TASK TO CARRY OUT: Lines that include the string "width" are the ones to copy from the entries below.

SOURCE DATA:
BEGIN

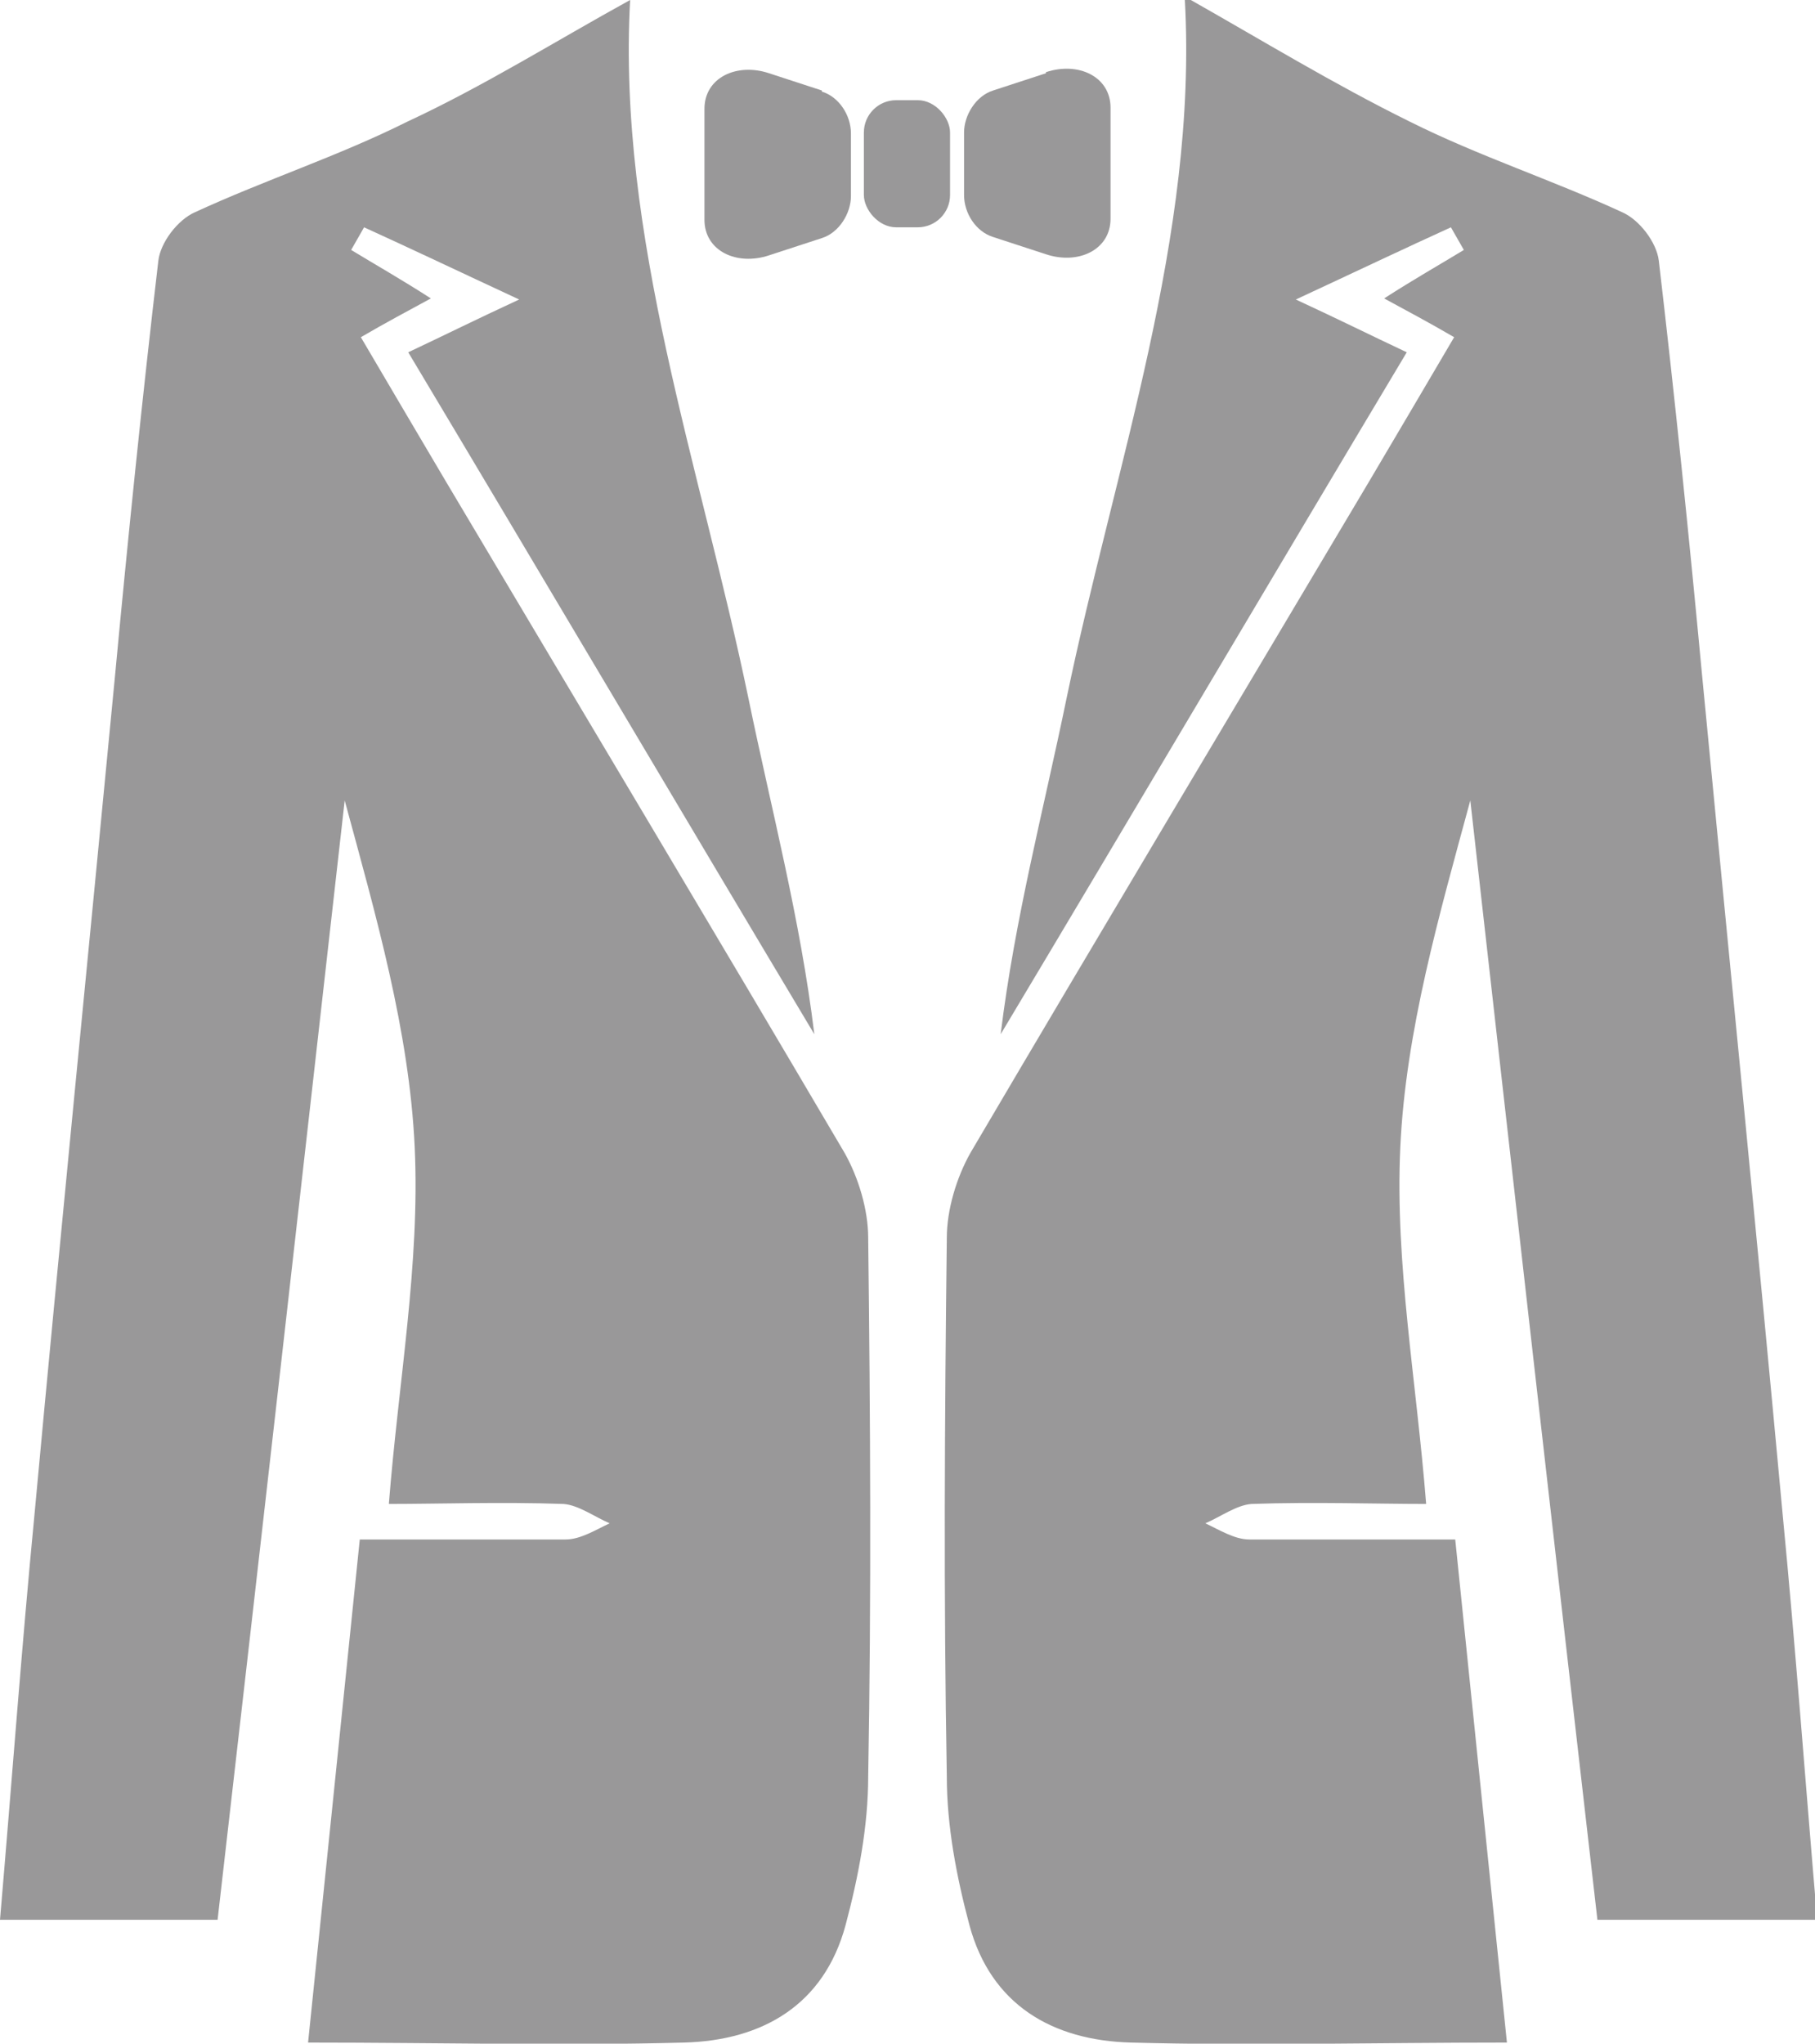 <?xml version="1.0" encoding="UTF-8"?>
<svg id="_レイヤー_1" data-name="レイヤー 1" xmlns="http://www.w3.org/2000/svg" version="1.1" viewBox="0 0 168.5 189.7">
  <defs>
    <style>
      .cls-1 {
        fill: #999899;
        stroke-width: 0px;
      }
    </style>
  </defs>
  <path class="cls-1" d="M58.5,0c-1.2,21.9,6.5,43.2,11,64.9,2.1,10.2,4.8,20.4,6.1,31.1-12.5-20.9-24.9-41.9-37.7-63.3,3.4-1.6,6.2-3,10.3-4.9-5.6-2.6-10-4.7-14.4-6.7-.4.7-.8,1.4-1.2,2.1,2.3,1.4,4.6,2.7,7.4,4.5-2.2,1.2-4.1,2.2-6.5,3.6,2.7,4.6,5.3,9,7.9,13.4,12.3,20.7,24.7,41.4,37,62.3,1.3,2.3,2.2,5.3,2.2,7.9.2,16.7.3,33.3,0,50,0,4.6-.9,9.3-2.1,13.8-2,7.4-7.7,10.7-15,10.9-11.3.3-22.6,0-34.9,0,1.6-15.6,3.2-31,4.8-46.7,6.8,0,13,0,19.1,0,1.4,0,2.8-.9,4.1-1.5-1.4-.6-2.9-1.7-4.3-1.8-5.8-.2-11.5,0-16.2,0,.9-11.4,2.9-22.3,2.4-33.1-.5-10.8-3.6-21.5-6.5-32.2-3.9,34.6-7.8,69.1-11.8,103.9H0c1.1-12.8,2-25.2,3.2-37.6,2.4-26,5-52,7.5-78.1,1.2-12.8,2.5-25.5,4-38.3.2-1.7,1.8-3.8,3.4-4.5,6.5-3,13.3-5.2,19.7-8.4C44.9,8,51.6,3.8,58.5,0Z"/>
  <path class="cls-1" d="M110,0c1.2,21.9-6.5,43.2-11,64.9-2.1,10.2-4.8,20.4-6.1,31.1,12.5-20.9,24.9-41.9,37.7-63.3-3.4-1.6-6.2-3-10.3-4.9,5.6-2.6,10-4.7,14.4-6.7.4.7.8,1.4,1.2,2.1-2.3,1.4-4.6,2.7-7.4,4.5,2.2,1.2,4.1,2.2,6.5,3.6-2.7,4.6-5.3,9-7.9,13.4-12.3,20.7-24.7,41.4-37,62.3-1.3,2.3-2.2,5.3-2.2,7.9-.2,16.7-.3,33.3,0,50,0,4.6.9,9.3,2.1,13.8,2,7.4,7.7,10.7,15,10.9,11.3.3,22.6,0,34.9,0-1.6-15.6-3.2-31-4.8-46.7-6.8,0-13,0-19.1,0-1.4,0-2.8-.9-4.1-1.5,1.4-.6,2.9-1.7,4.3-1.8,5.8-.2,11.5,0,16.2,0-.9-11.4-2.9-22.3-2.4-33.1.5-10.8,3.6-21.5,6.5-32.2,3.9,34.6,7.8,69.1,11.8,103.9,6.8,0,13.3,0,20.4,0-1.1-12.8-2-25.2-3.2-37.6-2.4-26-5-52-7.5-78.1-1.2-12.8-2.5-25.5-4-38.3-.2-1.7-1.8-3.8-3.4-4.5-6.5-3-13.3-5.2-19.7-8.4-7.1-3.5-13.8-7.6-20.7-11.5Z"/>
  <g>
    <path class="cls-1" d="M76.3,8.4l-4.9-1.6c-3-1-6,.4-6,3.3v10.3c0,2.9,3,4.3,6,3.3l4.9-1.6c1.6-.5,2.7-2.3,2.7-3.9v-5.8c0-1.7-1.1-3.4-2.7-3.9Z"/>
    <rect class="cls-1" x="80.2" y="9.3" width="8" height="11.8" rx="3" ry="3"/>
    <path class="cls-1" d="M97.1,6.8l-4.9,1.6c-1.6.5-2.7,2.3-2.7,3.9v5.8c0,1.7,1.1,3.4,2.7,3.9l4.9,1.6c3,1,6-.4,6-3.3v-10.3c0-2.9-3-4.3-6-3.3Z"/>
  </g>
</svg>

END

COMPLETED EXERCISE:
        stroke-width: 0px;
    <rect class="cls-1" x="80.2" y="9.3" width="8" height="11.8" rx="3" ry="3"/>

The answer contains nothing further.